WHAT YOU SHOULD DO:
The answer must consist solely of the line containing "Extract wheat heads from this picture." and every line after it in the records below, through the last, each reproduced exactly.

Stored records:
───
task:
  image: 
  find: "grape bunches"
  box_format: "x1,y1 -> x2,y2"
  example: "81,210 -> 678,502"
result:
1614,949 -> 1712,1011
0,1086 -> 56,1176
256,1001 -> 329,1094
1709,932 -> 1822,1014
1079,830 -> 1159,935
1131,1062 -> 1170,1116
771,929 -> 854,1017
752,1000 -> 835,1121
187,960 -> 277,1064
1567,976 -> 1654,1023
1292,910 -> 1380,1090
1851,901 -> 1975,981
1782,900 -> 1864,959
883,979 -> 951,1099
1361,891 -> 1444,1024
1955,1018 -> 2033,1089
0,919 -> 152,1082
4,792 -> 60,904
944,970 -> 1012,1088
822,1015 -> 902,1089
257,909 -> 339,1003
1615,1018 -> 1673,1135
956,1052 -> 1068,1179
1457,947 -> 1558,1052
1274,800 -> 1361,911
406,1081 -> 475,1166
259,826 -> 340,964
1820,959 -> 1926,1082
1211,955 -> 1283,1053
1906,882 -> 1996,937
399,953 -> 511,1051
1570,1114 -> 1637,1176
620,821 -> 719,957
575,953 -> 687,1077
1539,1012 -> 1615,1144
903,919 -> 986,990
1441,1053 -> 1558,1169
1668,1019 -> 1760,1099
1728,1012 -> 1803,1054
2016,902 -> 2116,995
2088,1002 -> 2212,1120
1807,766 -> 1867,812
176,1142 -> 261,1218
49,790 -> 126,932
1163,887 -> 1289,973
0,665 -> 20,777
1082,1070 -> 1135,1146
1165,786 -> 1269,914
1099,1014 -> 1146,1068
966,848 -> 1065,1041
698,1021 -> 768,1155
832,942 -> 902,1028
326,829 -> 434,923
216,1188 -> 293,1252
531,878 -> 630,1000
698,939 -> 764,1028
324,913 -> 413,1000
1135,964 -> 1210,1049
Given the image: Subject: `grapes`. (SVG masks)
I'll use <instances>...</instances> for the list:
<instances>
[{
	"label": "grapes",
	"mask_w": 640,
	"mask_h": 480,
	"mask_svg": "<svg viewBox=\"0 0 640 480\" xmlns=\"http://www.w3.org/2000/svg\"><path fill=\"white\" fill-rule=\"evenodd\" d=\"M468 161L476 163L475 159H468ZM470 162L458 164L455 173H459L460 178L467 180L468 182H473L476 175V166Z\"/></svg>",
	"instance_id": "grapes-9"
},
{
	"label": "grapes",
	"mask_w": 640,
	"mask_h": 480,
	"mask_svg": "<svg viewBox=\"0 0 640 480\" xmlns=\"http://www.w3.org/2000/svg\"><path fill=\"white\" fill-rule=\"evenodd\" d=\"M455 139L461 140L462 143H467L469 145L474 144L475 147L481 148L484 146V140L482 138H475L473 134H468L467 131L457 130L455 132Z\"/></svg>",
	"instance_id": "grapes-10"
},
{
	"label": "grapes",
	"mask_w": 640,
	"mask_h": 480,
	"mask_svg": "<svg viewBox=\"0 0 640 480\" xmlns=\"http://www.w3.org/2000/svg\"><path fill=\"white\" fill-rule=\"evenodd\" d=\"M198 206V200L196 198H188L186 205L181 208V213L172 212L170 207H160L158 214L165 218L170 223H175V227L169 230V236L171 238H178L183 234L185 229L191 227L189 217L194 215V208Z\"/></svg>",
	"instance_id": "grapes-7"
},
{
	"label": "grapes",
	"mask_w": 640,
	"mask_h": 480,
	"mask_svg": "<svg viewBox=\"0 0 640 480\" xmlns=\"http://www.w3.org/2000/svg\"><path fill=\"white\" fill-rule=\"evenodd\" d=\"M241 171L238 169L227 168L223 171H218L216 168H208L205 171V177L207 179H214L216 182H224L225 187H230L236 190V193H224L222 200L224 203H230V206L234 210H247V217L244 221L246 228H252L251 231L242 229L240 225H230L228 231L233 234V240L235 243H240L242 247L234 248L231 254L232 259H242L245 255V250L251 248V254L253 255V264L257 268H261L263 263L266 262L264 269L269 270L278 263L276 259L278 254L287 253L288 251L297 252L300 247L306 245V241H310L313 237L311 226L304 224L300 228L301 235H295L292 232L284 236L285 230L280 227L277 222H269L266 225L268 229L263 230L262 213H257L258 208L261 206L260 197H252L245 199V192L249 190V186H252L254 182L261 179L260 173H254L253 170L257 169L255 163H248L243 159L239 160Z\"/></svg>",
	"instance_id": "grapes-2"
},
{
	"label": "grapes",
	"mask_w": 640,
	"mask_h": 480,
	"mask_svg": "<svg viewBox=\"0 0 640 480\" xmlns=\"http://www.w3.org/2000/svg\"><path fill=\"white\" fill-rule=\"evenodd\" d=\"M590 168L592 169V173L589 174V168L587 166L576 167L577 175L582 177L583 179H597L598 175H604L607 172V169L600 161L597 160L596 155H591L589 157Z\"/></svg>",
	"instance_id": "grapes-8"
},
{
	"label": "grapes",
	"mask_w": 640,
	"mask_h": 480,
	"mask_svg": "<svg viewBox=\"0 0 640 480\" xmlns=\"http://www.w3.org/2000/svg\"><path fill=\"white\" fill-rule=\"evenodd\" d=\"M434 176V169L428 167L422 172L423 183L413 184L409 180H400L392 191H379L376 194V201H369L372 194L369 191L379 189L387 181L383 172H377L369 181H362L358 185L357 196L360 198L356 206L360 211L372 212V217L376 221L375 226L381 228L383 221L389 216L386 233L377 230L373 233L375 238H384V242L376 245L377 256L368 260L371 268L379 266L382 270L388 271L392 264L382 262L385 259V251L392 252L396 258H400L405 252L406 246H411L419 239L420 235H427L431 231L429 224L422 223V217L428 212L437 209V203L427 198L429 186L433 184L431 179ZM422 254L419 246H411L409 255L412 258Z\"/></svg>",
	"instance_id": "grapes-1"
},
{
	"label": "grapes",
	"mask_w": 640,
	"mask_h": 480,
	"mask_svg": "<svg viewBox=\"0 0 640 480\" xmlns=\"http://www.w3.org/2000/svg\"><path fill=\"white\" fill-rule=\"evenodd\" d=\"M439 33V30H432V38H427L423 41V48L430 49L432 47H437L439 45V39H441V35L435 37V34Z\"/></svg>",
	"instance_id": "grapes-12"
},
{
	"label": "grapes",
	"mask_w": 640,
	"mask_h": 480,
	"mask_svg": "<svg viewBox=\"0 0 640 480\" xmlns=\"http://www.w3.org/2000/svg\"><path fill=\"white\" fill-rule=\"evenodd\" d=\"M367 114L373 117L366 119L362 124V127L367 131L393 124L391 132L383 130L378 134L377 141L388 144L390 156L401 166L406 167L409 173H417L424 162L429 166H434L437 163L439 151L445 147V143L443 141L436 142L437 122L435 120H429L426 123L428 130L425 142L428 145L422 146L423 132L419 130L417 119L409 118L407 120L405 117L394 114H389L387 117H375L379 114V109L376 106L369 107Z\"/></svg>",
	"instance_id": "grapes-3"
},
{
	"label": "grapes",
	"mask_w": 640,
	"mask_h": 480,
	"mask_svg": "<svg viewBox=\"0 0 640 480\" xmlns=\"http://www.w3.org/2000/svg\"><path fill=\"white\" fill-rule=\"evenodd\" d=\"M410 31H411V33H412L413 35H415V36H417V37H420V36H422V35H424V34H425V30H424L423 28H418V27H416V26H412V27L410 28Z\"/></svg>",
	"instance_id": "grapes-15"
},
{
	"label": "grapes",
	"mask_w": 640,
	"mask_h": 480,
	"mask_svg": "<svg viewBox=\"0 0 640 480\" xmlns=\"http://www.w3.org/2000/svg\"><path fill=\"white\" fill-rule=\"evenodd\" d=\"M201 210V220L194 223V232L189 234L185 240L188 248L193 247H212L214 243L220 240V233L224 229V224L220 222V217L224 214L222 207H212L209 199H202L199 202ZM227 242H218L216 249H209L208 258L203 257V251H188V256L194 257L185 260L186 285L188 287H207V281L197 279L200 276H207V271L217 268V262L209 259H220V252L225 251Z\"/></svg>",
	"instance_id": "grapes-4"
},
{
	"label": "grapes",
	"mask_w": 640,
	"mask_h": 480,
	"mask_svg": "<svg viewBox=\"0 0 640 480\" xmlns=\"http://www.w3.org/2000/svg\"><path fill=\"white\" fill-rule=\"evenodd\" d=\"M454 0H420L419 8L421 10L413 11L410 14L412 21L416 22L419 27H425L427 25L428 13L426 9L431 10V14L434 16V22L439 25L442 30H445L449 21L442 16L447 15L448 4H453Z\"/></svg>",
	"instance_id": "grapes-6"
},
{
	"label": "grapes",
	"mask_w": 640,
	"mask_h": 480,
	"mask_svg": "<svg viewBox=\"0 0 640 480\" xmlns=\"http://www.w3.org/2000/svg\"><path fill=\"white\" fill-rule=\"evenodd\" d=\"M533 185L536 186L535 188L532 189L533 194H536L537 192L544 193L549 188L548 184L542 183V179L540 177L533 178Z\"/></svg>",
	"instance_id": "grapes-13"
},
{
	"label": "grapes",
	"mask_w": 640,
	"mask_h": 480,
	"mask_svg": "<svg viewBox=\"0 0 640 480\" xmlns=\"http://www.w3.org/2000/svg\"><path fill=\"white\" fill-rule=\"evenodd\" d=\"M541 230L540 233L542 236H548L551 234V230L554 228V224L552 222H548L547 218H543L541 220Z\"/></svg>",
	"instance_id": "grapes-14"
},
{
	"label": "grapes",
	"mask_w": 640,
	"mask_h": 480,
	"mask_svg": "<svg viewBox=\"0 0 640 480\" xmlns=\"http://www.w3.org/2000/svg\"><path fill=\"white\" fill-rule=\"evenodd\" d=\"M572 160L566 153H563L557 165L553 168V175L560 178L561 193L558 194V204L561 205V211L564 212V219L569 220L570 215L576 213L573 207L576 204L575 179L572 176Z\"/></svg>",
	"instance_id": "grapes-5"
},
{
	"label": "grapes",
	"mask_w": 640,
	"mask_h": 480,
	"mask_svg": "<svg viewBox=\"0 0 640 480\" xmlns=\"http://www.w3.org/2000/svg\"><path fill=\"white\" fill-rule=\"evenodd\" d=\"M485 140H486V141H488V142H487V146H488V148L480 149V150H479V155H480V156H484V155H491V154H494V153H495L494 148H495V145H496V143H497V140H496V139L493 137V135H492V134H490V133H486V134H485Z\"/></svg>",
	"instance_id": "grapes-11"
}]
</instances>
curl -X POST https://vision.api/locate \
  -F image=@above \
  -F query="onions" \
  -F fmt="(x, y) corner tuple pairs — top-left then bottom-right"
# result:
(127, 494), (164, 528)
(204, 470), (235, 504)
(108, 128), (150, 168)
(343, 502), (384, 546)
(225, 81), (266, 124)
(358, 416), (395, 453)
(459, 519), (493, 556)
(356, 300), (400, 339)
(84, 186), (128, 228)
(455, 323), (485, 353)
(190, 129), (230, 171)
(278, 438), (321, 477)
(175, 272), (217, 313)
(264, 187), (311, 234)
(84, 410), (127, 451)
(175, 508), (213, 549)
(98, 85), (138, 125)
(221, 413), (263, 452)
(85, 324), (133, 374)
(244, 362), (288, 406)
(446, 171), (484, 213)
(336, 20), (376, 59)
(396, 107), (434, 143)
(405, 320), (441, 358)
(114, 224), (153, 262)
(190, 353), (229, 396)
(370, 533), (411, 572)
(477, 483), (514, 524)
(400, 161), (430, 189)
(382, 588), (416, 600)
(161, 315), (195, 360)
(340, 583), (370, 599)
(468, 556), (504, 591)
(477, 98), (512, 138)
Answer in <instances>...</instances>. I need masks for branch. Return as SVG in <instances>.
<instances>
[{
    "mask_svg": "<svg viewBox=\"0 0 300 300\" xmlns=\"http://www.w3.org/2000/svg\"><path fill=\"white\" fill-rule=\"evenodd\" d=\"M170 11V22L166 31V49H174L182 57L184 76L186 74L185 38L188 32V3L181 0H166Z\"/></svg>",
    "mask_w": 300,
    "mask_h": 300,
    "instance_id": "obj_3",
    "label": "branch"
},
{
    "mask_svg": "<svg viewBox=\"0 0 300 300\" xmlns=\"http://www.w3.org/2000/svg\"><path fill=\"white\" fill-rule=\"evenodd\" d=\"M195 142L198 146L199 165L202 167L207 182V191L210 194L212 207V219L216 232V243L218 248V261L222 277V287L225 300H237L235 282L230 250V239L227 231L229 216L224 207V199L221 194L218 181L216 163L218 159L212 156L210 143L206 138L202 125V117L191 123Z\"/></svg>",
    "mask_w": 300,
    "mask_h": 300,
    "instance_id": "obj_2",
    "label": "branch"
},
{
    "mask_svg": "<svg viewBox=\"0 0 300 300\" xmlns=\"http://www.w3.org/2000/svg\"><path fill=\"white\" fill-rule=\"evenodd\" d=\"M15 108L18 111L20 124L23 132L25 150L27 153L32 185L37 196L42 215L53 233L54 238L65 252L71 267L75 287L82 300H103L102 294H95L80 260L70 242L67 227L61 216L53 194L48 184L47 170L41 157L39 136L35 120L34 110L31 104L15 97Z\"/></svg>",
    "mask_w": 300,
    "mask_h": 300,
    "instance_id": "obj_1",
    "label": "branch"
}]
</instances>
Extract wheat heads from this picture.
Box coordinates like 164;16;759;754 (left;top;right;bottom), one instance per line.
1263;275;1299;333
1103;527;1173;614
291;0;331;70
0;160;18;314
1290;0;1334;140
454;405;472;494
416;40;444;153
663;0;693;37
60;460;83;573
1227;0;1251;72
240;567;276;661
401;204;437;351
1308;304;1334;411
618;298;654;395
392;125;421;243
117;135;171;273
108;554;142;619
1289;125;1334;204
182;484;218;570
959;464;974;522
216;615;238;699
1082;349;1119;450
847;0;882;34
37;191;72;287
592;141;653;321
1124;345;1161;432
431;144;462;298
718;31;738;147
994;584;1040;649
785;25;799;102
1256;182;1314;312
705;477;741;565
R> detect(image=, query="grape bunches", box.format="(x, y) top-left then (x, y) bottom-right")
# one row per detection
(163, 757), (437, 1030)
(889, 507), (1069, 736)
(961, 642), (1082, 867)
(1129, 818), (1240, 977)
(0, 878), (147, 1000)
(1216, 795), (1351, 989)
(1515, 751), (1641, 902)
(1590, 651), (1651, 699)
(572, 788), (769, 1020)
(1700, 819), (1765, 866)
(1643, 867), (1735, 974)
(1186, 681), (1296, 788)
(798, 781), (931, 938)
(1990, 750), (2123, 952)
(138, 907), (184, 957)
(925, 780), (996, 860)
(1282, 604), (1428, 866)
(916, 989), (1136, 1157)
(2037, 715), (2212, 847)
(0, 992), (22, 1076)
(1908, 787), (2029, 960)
───
OUTPUT FOR THIS TASK:
Extract wheat heads from this picture.
Box coordinates like 164;16;759;754 (left;top;right;bottom), one instance per line.
1263;275;1299;333
1103;527;1173;614
291;0;331;70
0;160;18;314
1290;0;1334;140
454;405;472;494
416;40;444;153
663;0;693;37
60;460;83;573
1227;0;1251;72
240;567;276;661
401;204;437;351
1308;304;1334;411
618;298;654;395
392;125;421;243
117;135;171;273
108;554;142;619
1289;125;1334;204
182;484;218;570
959;464;974;522
216;615;238;699
1082;349;1119;450
847;0;882;34
37;191;72;287
592;141;653;321
1124;345;1161;432
431;144;462;298
718;31;738;147
994;584;1040;649
785;25;799;102
1256;182;1314;312
705;477;741;565
R> detect(image=, query="grape bunches", box.format="(x, y) top-left then (x, y) bottom-right")
# one row per detection
(163, 757), (437, 1030)
(889, 507), (1069, 736)
(961, 642), (1082, 867)
(1129, 818), (1240, 977)
(0, 878), (147, 1000)
(1216, 795), (1351, 989)
(1515, 751), (1641, 902)
(1590, 651), (1651, 699)
(572, 788), (769, 1020)
(1700, 819), (1765, 866)
(1643, 867), (1735, 974)
(1186, 681), (1296, 788)
(798, 781), (931, 938)
(1990, 750), (2123, 952)
(138, 907), (184, 957)
(925, 780), (996, 860)
(1282, 604), (1428, 866)
(916, 989), (1136, 1157)
(2037, 715), (2212, 847)
(0, 992), (22, 1076)
(1908, 787), (2029, 960)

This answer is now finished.